_DATASET CONTENT_.
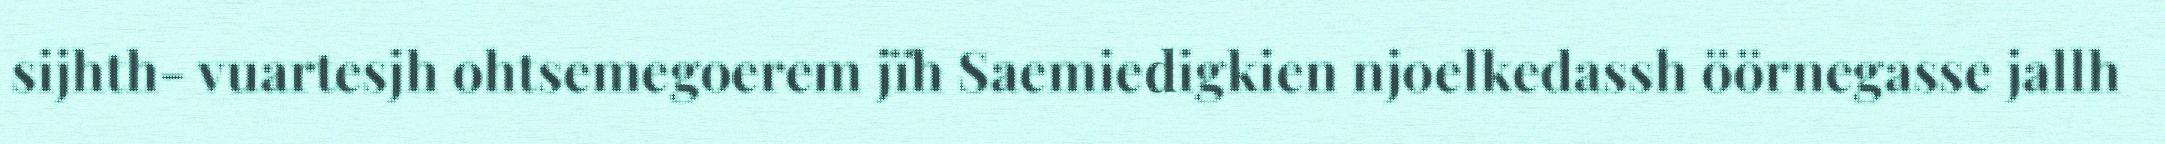
sijhth- vuartesjh ohtsemegoerem jïh Saemiedigkien njoelkedassh öörnegasse jallh
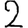
Digit: 2
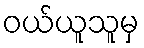
ဝယ်ယူသူမှ
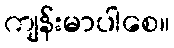
ကျန်းမာပါစေ။
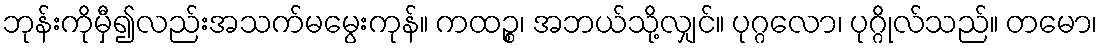
ဘုန်းကိုမှီ၍လည်းအသက်မမွေးကုန်။ ကထဉ္စ၊ အဘယ်သို့လျှင်။ ပုဂ္ဂလော၊ ပုဂ္ဂိုလ်သည်။ တမော၊
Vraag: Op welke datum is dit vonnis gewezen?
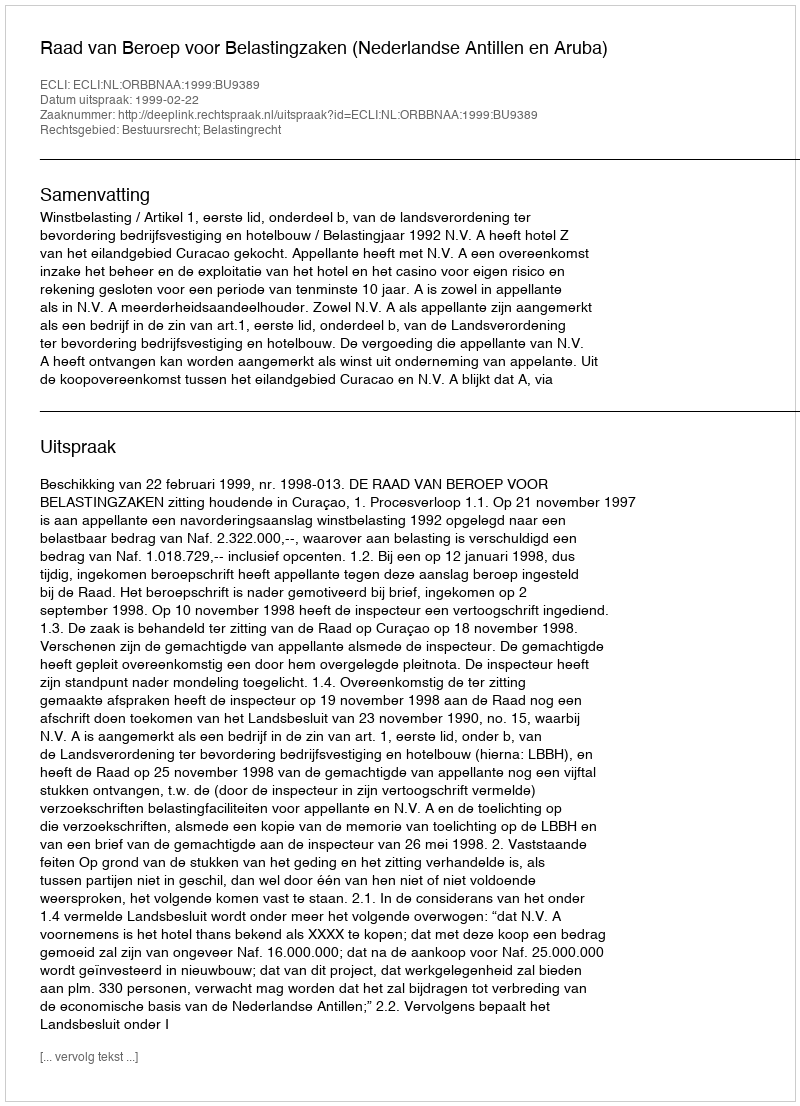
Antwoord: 1999-02-22
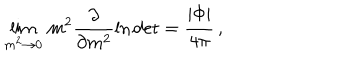
\lim _ { m ^ { 2 } \to 0 } \, m ^ { 2 } \frac { \partial } { \partial m ^ { 2 } } \ln \mathrm { d e t } = \frac { | \Phi | } { 4 \pi } \, ,
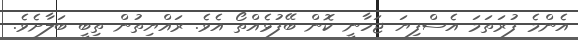
އެންމެ ފުރަތަމަ އެސްފިޔަ ޖަހާނީ ކޮން ބޭފުޅެއްތޯ އެވެ. ރައްޔިތުން ތިބީ ބަލާށެވެ.
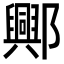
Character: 𨞾
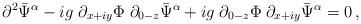
LaTeX: \begin{align*} \partial^2 \bar\Psi^\alpha - ig \; \partial_{x+iy} \Phi \; \partial_{0-z} \bar\Psi^\alpha + ig \; \partial_{0-z} \Phi \; \partial_{x+iy} \bar\Psi^\alpha = 0 \,,\end{align*}
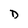
Character: D
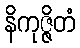
နိကုဇ္ဇိတံ
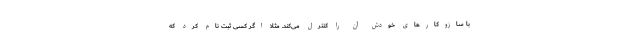
با سازوکارهای خودش آن را کنترل می‌کند. مثلاً اگر کسی ثبت نام کرد که
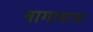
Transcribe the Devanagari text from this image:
नागाबाबा
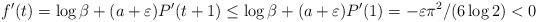
LaTeX: \begin{align*}f^\prime(t) = \log\beta + (a + \varepsilon)P^\prime(t+1) \leq \log\beta + (a + \varepsilon)P^\prime(1) = -\varepsilon\pi^2/(6\log 2)<0\end{align*}
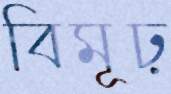
বিমূঢ়

_INSTRUCTIONS FOR THE TASK_. What is needed is every record above, restated word for word, with the pictures left out.

_OUTPUT BELOW_.
sijhth- vuartesjh ohtsemegoerem jïh Saemiedigkien njoelkedassh öörnegasse jallh
Digit: 2
ဝယ်ယူသူမှ
ကျန်းမာပါစေ။
ဘုန်းကိုမှီ၍လည်းအသက်မမွေးကုန်။ ကထဉ္စ၊ အဘယ်သို့လျှင်။ ပုဂ္ဂလော၊ ပုဂ္ဂိုလ်သည်။ တမော၊
Vraag: Op welke datum is dit vonnis gewezen?
Antwoord: 1999-02-22
\lim _ { m ^ { 2 } \to 0 } \, m ^ { 2 } \frac { \partial } { \partial m ^ { 2 } } \ln \mathrm { d e t } = \frac { | \Phi | } { 4 \pi } \, ,
އެންމެ ފުރަތަމަ އެސްފިޔަ ޖަހާނީ ކޮން ބޭފުޅެއްތޯ އެވެ. ރައްޔިތުން ތިބީ ބަލާށެވެ.
Character: 𨞾
LaTeX: \begin{align*} \partial^2 \bar\Psi^\alpha - ig \; \partial_{x+iy} \Phi \; \partial_{0-z} \bar\Psi^\alpha + ig \; \partial_{0-z} \Phi \; \partial_{x+iy} \bar\Psi^\alpha = 0 \,,\end{align*}
Character: D
နိကုဇ္ဇိတံ
با سازوکارهای خودش آن را کنترل می‌کند. مثلاً اگر کسی ثبت نام کرد که
Transcribe the Devanagari text from this image:
नागाबाबा
LaTeX: \begin{align*}f^\prime(t) = \log\beta + (a + \varepsilon)P^\prime(t+1) \leq \log\beta + (a + \varepsilon)P^\prime(1) = -\varepsilon\pi^2/(6\log 2)<0\end{align*}
বিমূঢ়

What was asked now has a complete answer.